Agricola had thought about translating the New Testament in his early years of study. At the time, however, there was no standard written form of Finnish, so he started developing it. His first book, Abckiria, which is nowadays known as the "ABC-kirja" or ABC book, was a primer for reading and a catechism. It was first printed in 1543. The catechism was included because only very few people could afford the whole Bible at the time. The first printing contained 16 pages.

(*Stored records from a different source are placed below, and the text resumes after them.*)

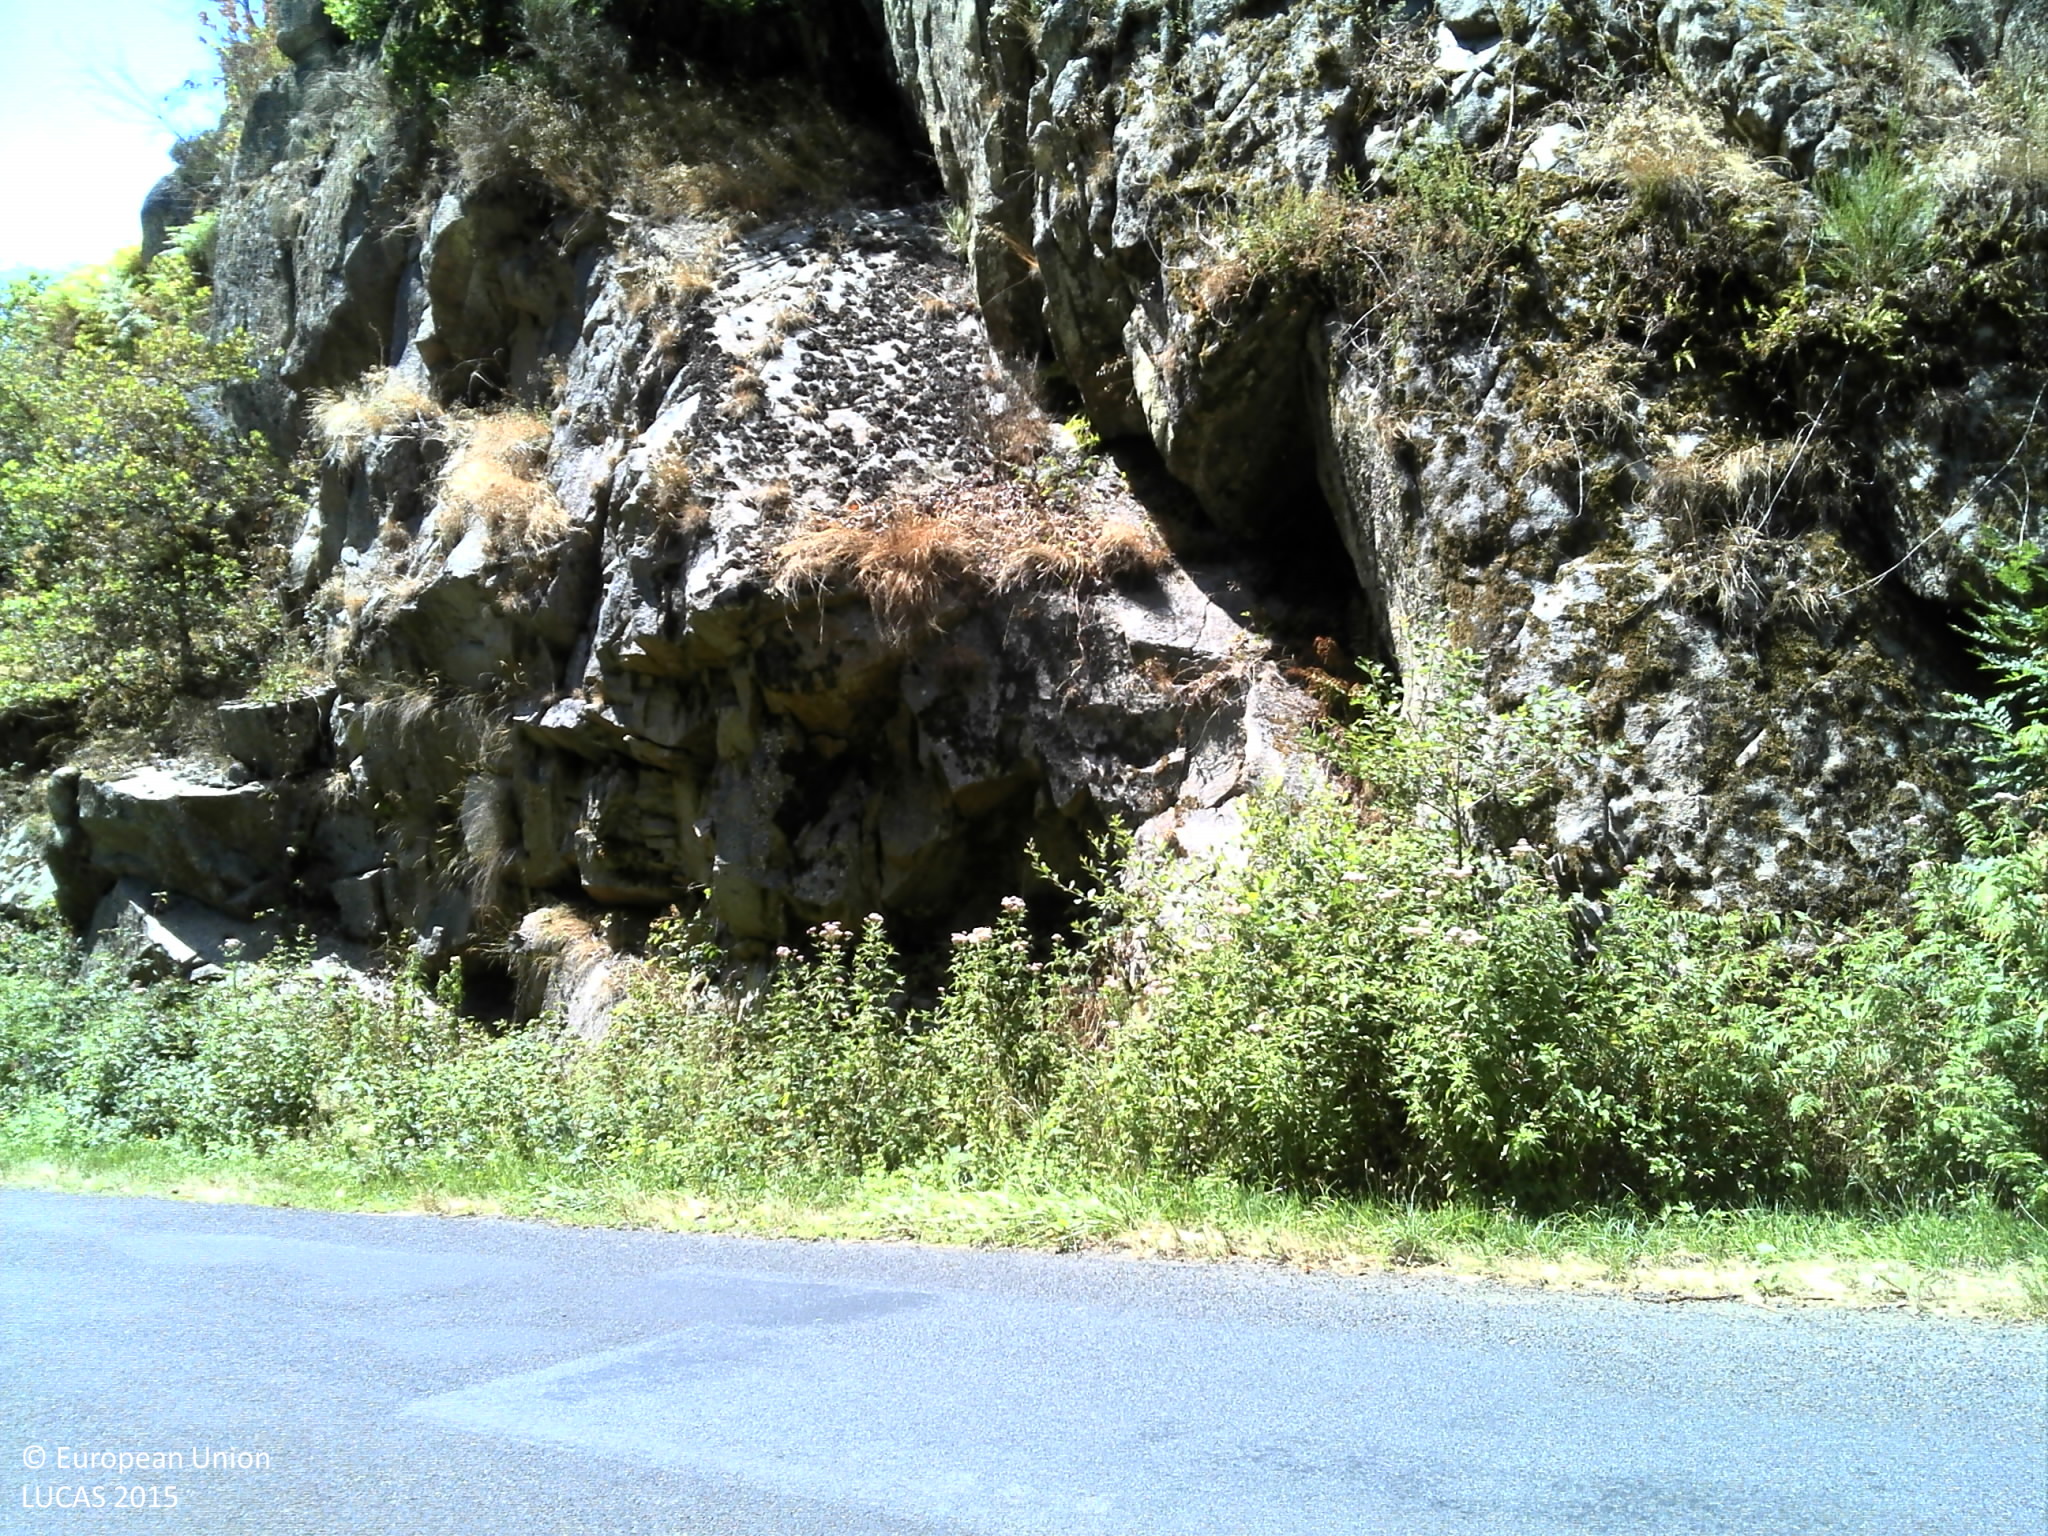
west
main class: Woodland
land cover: Spruce dominated mixed woodland
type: broadleaved evergreen forest
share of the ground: > 75 %
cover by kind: coniferous forest trees 40 %, broadleaved forest trees 20 %, herbaceous plants 20 %, shrubs 10 %, lichens and mosses 10 %
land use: Forestry
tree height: > 5 m
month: July
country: FR
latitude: 45.5528
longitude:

A second printing was released in 1551 with 24 pages.

In 1966 Åke Åbergin, a librarian, discovered parts, while repairing book bindings, from an as yet unknown (likely the third) edition of the "ABC-kirja" that included the name of the printer, Amund Lauritsanpoika, and fortuitously the publishing date of 1559 (two years after the author's death) of the final as yet undiscovered 8 pages. The pages were likely the result of an imposing error and relegated to padding paper.

===Rucouskiria===
Agricola's Rucouskiria Bibliasta (contemporary Finnish spelling: Rukouskirja; literally, "Prayer Book from the Bible") was printed in March 1544. At the beginning of the book, Agricola wrote about many topics concerning all-round education and the Reformation's effects in Finland. The book includes four prefaces and about 700 prayers on many topics; it even has twelve structurally different kinds of prayers, instead of the usual two or three. It is the most independent work by Agricola and contains approximately 900 pages. His sources include the works of Luther, Melanchthon, and Erasmus.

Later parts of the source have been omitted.